AUTHOR=Zhang Yong , Chen Xiangxiang , Wang Yuan , Li Ling , Ju Qing , Zhang Yan , Xi Hangtian , Wang Fahan , Qiu Dan , Liu Xingchen , Chang Ning , Zhang Weiqi , Zhang Cong , Wang Ke , Li Ling , Zhang Jian TITLE=Alterations of lower respiratory tract microbiome and short-chain fatty acids in different segments in lung cancer: a multiomics analysis JOURNAL=Frontiers in Cellular and Infection Microbiology VOLUME=13 YEAR=2023 URL=https://www.frontiersin.org/journals/cellular-and-infection-microbiology/articles/10.3389/fcimb.2023.1261284 DOI=10.3389/fcimb.2023.1261284 ISSN=2235-2988 ABSTRACT=Introduction

The lower respiratory tract microbiome is widely studied to pinpoint microbial dysbiosis of diversity or abundance that is linked to a number of chronic respiratory illnesses.
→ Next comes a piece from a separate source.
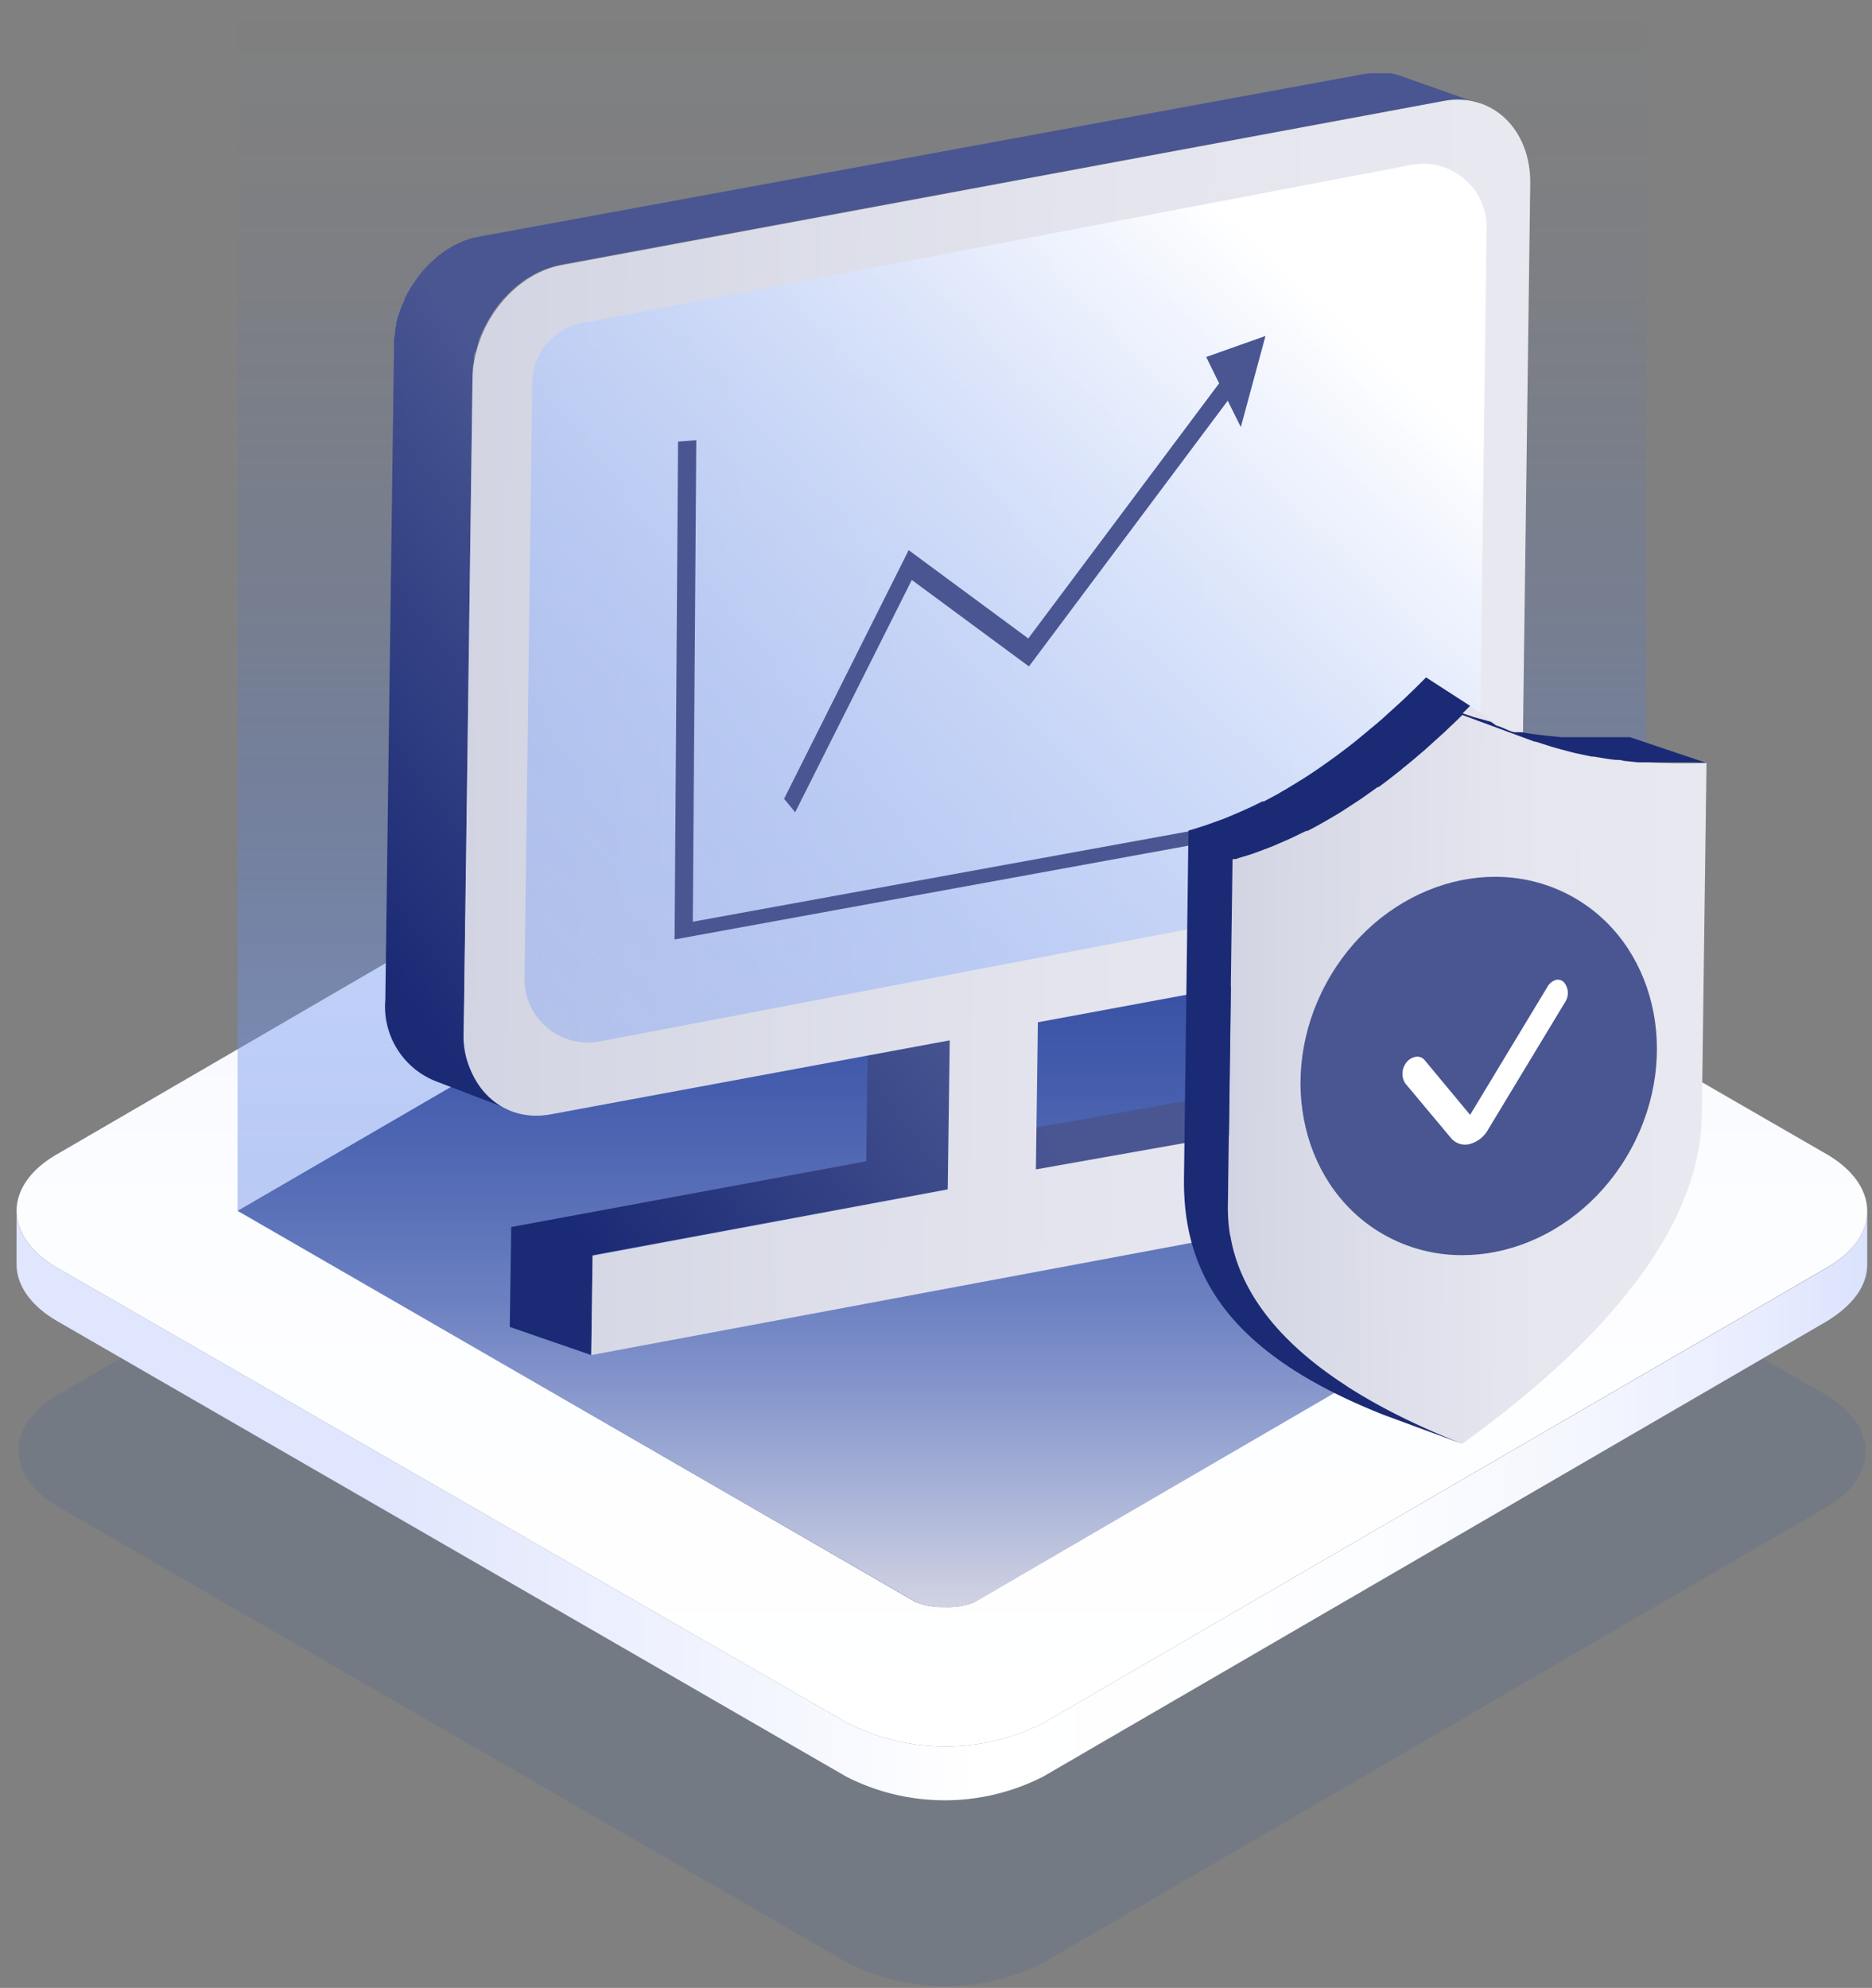 <svg id="图层_1" data-name="图层 1" xmlns="http://www.w3.org/2000/svg" xmlns:xlink="http://www.w3.org/1999/xlink" viewBox="0 0 113 120"><rect x="0" y="0" width="113" height="120" fill="#808080" stroke="none"/><defs><style>.cls-1{opacity:0.1;}.cls-2{fill:#0246af;}.cls-3{fill:url(#linear-gradient);}.cls-4{fill:url(#linear-gradient-2);}.cls-5{fill:#1b2a75;}.cls-6{fill:url(#未命名的渐变_47);}.cls-7{fill:url(#未命名的渐变_33);}.cls-8{fill:url(#未命名的渐变_33-2);}.cls-9{fill:url(#未命名的渐变_33-3);}.cls-10{fill:url(#未命名的渐变_65);}.cls-11{fill:url(#未命名的渐变_100);}.cls-12{fill:#495692;}.cls-13{fill:url(#未命名的渐变_59);}.cls-14{fill:#fff;}</style><linearGradient id="linear-gradient" x1="56.86" y1="105.45" x2="56.86" y2="40.75" gradientUnits="userSpaceOnUse"><stop offset="0" stop-color="#fff"/><stop offset="0.5" stop-color="#fcfdff"/><stop offset="0.8" stop-color="#f4f7ff"/><stop offset="1" stop-color="#e9eeff"/></linearGradient><linearGradient id="linear-gradient-2" x1="1" y1="90.89" x2="112.71" y2="90.89" gradientUnits="userSpaceOnUse"><stop offset="0.2" stop-color="#e0e6fd"/><stop offset="0.52" stop-color="#fff"/><stop offset="0.73" stop-color="#fcfdff"/><stop offset="0.85" stop-color="#f4f6fe"/><stop offset="0.95" stop-color="#e6ebfe"/><stop offset="1" stop-color="#dbe2fd"/></linearGradient><linearGradient id="未命名的渐变_47" x1="56.86" y1="97.03" x2="56.86" y2="0.1" gradientUnits="userSpaceOnUse"><stop offset="0" stop-color="#d2d4e3"/><stop offset="0.06" stop-color="#c0c8e5" stop-opacity="0.9"/><stop offset="0.19" stop-color="#97aee9" stop-opacity="0.66"/><stop offset="0.33" stop-color="#7497ec" stop-opacity="0.46"/><stop offset="0.47" stop-color="#5885ef" stop-opacity="0.29"/><stop offset="0.6" stop-color="#4176f1" stop-opacity="0.16"/><stop offset="0.74" stop-color="#326cf3" stop-opacity="0.07"/><stop offset="0.87" stop-color="#2866f4" stop-opacity="0.02"/><stop offset="1" stop-color="#2564f4" stop-opacity="0"/></linearGradient><linearGradient id="未命名的渐变_33" x1="42.42" y1="132.33" x2="64.95" y2="116.96" gradientTransform="matrix(1, 0, 0, 0.93, 0.28, -37.91)" gradientUnits="userSpaceOnUse"><stop offset="0" stop-color="#1b2a75"/><stop offset="1" stop-color="#495692"/></linearGradient><linearGradient id="未命名的渐变_33-2" x1="36.47" y1="123.62" x2="59.01" y2="108.25" xlink:href="#未命名的渐变_33"/><linearGradient id="未命名的渐变_33-3" x1="15.83" y1="93.35" x2="38.36" y2="77.98" xlink:href="#未命名的渐变_33"/><linearGradient id="未命名的渐变_65" x1="33.42" y1="107.14" x2="97.39" y2="107.14" gradientTransform="matrix(1, 0.01, -0.01, 0.93, -4.49, -56.65)" gradientUnits="userSpaceOnUse"><stop offset="0" stop-color="#d2d4e3"/><stop offset="0.06" stop-color="#d4d6e4"/><stop offset="0.57" stop-color="#e3e4ed"/><stop offset="1" stop-color="#e8e9f0"/></linearGradient><linearGradient id="未命名的渐变_100" x1="85.02" y1="79.36" x2="20.55" y2="145.93" gradientTransform="matrix(1, 0.01, -0.01, 0.93, -4.49, -56.65)" gradientUnits="userSpaceOnUse"><stop offset="0" stop-color="#fff"/><stop offset="0.12" stop-color="#eaf0fe" stop-opacity="0.9"/><stop offset="0.38" stop-color="#b4cafb" stop-opacity="0.66"/><stop offset="0.76" stop-color="#5f8ef7" stop-opacity="0.27"/><stop offset="1" stop-color="#2564f4" stop-opacity="0"/></linearGradient><linearGradient id="未命名的渐变_59" x1="79.62" y1="84.23" x2="108.28" y2="84.23" gradientTransform="translate(-4.76 -20.06) rotate(0.45)" gradientUnits="userSpaceOnUse"><stop offset="0" stop-color="#d2d4e3"/><stop offset="0.14" stop-color="#d7d9e6"/><stop offset="0.58" stop-color="#e4e5ee"/><stop offset="1" stop-color="#e8e9f0"/></linearGradient></defs><g class="cls-1"><path class="cls-2" d="M110.15,84.17c3.28,1.9,3.29,5,0,6.86L63,118.47a13.06,13.06,0,0,1-11.85,0L3.58,91c-3.28-1.89-3.29-5,0-6.86L50.77,56.73a13.09,13.09,0,0,1,11.85,0Z"/></g><path class="cls-3" d="M110.24,69.66c3.29,1.9,3.3,5,0,6.88L63,104a13.07,13.07,0,0,1-11.87,0L3.47,76.54c-3.28-1.9-3.3-5,0-6.88L50.75,42.17a13.07,13.07,0,0,1,11.87,0Z"/><path class="cls-4" d="M112.71,73.1c0,1.24-.81,2.49-2.44,3.44L63,104a13.07,13.07,0,0,1-11.87,0L3.47,76.54C1.83,75.59,1,74.35,1,73.1H1v3.22H1c0,1.25.83,2.49,2.47,3.44l47.62,27.49a13.07,13.07,0,0,0,11.87,0l47.31-27.49c1.63-1,2.45-2.19,2.44-3.44h0V73.1Z"/><path class="cls-5" d="M57,97a4.18,4.18,0,0,1-1.74-.3L14.35,73.09,55,49.48a5.22,5.22,0,0,1,3.46,0L99.38,73.13,58.76,96.74A4.36,4.36,0,0,1,57,97Z"/><path class="cls-6" d="M14.34.1v73l41,23.64a5.22,5.22,0,0,0,3.46,0L99.37,73.13V.1Z"/><polygon class="cls-7" points="57.61 68.94 62.53 70.64 83.67 66.89 78.75 65.19 57.61 68.94"/><polygon class="cls-8" points="52.29 70.1 30.86 74.07 30.77 80.1 35.69 81.8 35.77 75.77 57.21 71.79 57.33 62.75 52.41 61.06 52.29 70.1"/><path class="cls-9" d="M87.8,6a3.23,3.23,0,0,1,.44,0h.07a3.55,3.55,0,0,1,.47.06l.52.13.07,0h0L88.56,6,84.45,4.55h0a5.29,5.29,0,0,0-.54-.13l-.06,0-.4,0h-.65a4.78,4.78,0,0,0-.53.06L29,14.27l-.4.09-.08,0-.18.06-.32.11-.19.08-.3.14-.18.09-.31.19-.15.09,0,0-.12.09c-.12.09-.24.17-.36.27l-.18.16-.3.28-.09.08-.06.07a8.14,8.14,0,0,0-.54.63h0l-.05.07-.36.53a.35.35,0,0,1-.05.08l-.06.11a4.77,4.77,0,0,0-.24.44l-.07.13,0,.07c-.09.2-.18.4-.26.61,0,0,0,0,0,0h0a6,6,0,0,0-.22.72.19.19,0,0,0,0,.07c0,.1-.05.2-.07.3l0,.14c0,.18-.06.36-.08.54v0c0,.21,0,.43,0,.65l-.52,39.19a4.84,4.84,0,0,0,3,4.9L31,67.07a4.83,4.83,0,0,1-3-4.9L28.52,23c0-.22,0-.43,0-.65s.05-.37.08-.55l0-.15c0-.12,0-.25.09-.37s.13-.48.21-.71a.14.14,0,0,0,0-.06c.08-.2.16-.4.26-.6s.06-.13.1-.2l.23-.43.12-.2a6,6,0,0,1,.36-.52.47.47,0,0,1,.06-.09,5.33,5.33,0,0,1,.54-.62l.15-.16.3-.28.18-.16.35-.26.17-.13.14-.08.32-.19.17-.09c.1-.06.21-.1.31-.15l.19-.08.31-.11.19-.06.48-.12L87.13,6.1,87.66,6Z"/><path class="cls-10" d="M87.13,6.1c2.94-.55,5.29,1.71,5.24,5l-.52,39.2c0,3.33-2.46,6.47-5.4,7l-23.8,4.41-.12,8.88,21.14-3.75-.08,6L35.69,81.8l.08-6,21.44-4,.12-9-24.1,4.47c-2.94.54-5.28-1.72-5.24-5L28.52,23c0-3.33,2.46-6.47,5.4-7Z"/><path class="cls-11" d="M89.74,13.55l-.47,36.26a3.73,3.73,0,0,1-3.13,3.53l-49.79,9.5a3.84,3.84,0,0,1-4.69-3.63L32.13,23a3.72,3.72,0,0,1,3.13-3.52l49.79-9.5A3.84,3.84,0,0,1,89.74,13.55Z"/><polygon class="cls-12" points="42.03 26.57 41.82 55.64 80.5 48.59 80.5 49.45 40.72 56.71 40.93 26.66 42.03 26.57"/><polygon class="cls-12" points="76.39 20.28 74.9 25.78 74.11 24.19 62.11 40.23 55.04 35.01 48 49.03 47.33 48.22 54.85 33.21 62.07 38.54 73.59 23.14 72.81 21.55 76.39 20.28"/><path class="cls-13" d="M88.74,42.61c3.41,2.51,8.2,3.66,14.27,3.44l-.28,21.11c0,6.33-4.91,13.09-14.47,20-9.46-3.74-14.2-8.59-14.13-14.35l.28-20.94C79.1,50.61,83.91,47.5,88.74,42.61Z"/><path class="cls-5" d="M103,46.05,98.39,44.5c-.41,0-.82,0-1.22,0h-.86l-.63,0-.86,0-.59,0-.87-.09-.51-.06q-.51-.06-1-.15l-.34,0-.11,0c-.33-.07-.76-.33-1.08-.4L90,43.57l-.77-.21-.29-.08-.65-.22.45-.45-2.66-1.72c-.41.42-.82.82-1.23,1.21l-.3.28-1.22,1.11a.69.69,0,0,0-.13.11l-1.13.94-.28.23c-.41.32-.81.63-1.22.93l-.28.2-.72.51-.36.24c-.21.14-.43.29-.65.42l-.37.23-.68.41a3.37,3.37,0,0,0-.32.19l-.9.48-.1,0q-.5.26-1,.48l-.31.14-.68.29-.37.15-.64.23-.36.13-.68.22-.41.12-.27,20.94c-.08,5.76,2.6,10.59,12.06,14.33l4.72,1.74c-9.46-3.74-14.2-8.59-14.13-14.35l.28-20.94.18,0,.24-.08.66-.2.37-.13.64-.24.36-.14.69-.3.3-.13,1-.48.08,0c.3-.15.61-.32.91-.49l.33-.19.68-.4.36-.23.66-.43.36-.24.72-.51.22-.16.06,0c.4-.29.81-.61,1.21-.93a3.11,3.11,0,0,0,.28-.23c.38-.3.76-.62,1.14-.95l.12-.1,1.23-1.11.29-.28q.39-.36.78-.75l4.36,1.61.07,0,1,.32.28.08.79.21.31.08,1,.21.11,0h0l.31.05q.48.09,1,.15c.17,0,.34,0,.52.06l.86.09.59,0,.85,0,.64,0H102Z"/><ellipse class="cls-12" cx="89.26" cy="64.35" rx="11.68" ry="10.47" transform="translate(-9.8 112.26) rotate(-61.6)"/><path class="cls-14" d="M93.92,59.15a.53.53,0,0,1,.46.12,1,1,0,0,1,.09,1.23l-4.64,7.68a1.81,1.81,0,0,1-1.15.89,1.11,1.11,0,0,1-1.1-.38l-2.76-3.3a1.09,1.09,0,0,1,.09-1.27.89.89,0,0,1,.48-.31A.57.57,0,0,1,86,64l2.74,3.3,4.65-7.7A.92.92,0,0,1,93.92,59.15Z"/></svg>

However, it is vital to clarify how the microbiome, through the release of microbial metabolites, impacts lung health and oncogenesis.

Methods

In order to discover the powerful correlations between microbial metabolites and disease, we collected, under electronic bronchoscopy examinations, samples of paired bronchoalveolar lavage fluids (BALFs) from tumor-burden lung segments and ipsilateral non-tumor sites from 28 lung cancer participants, further performing metagenomic sequencing, short-chain fatty acid (SCFA) metabolomics, and multiomics analysis to uncover the potential correlations of the microbiome and SCFAs in lung cancer.

Results

In comparison to BALFs from normal lung segments of the same participant, those from lung cancer burden lung segments had slightly decreased microbial diversity in the lower respiratory tract. With 18 differentially prevalent microbial species, including the well-known carcinogens Campylobacter jejuni and Nesseria polysaccharea, the relative species abundance in the lower respiratory tract microbiome did not significantly differ between the two groups. Additionally, a collection of commonly recognized probiotic metabolites called short-chain fatty acids showed little significance in either group independently but revealed a strong predictive value when using an integrated model by machine learning. Multiomics also discovered particular species related to SCFAs, showing a positive correlation with Brachyspira hydrosenteriae and a negative one with Pseudomonas at the genus level, despite limited detection in lower airways. Of note, these distinct microbiota and metabolites corresponded with clinical traits that still required confirmation.

Conclusions

Further analysis of metagenome functional capacity revealed that genes encoding environmental information processing and metabolism pathways were enriched in the lower respiratory tract metagenomes of lung cancer patients, further supporting the oncogenesis function of various microbial species by different metabolites. These findings point to a potent relationship between particular components of the integrated microbiota-metabolites network and lung cancer, with implications for screening and diagnosis in clinical settings.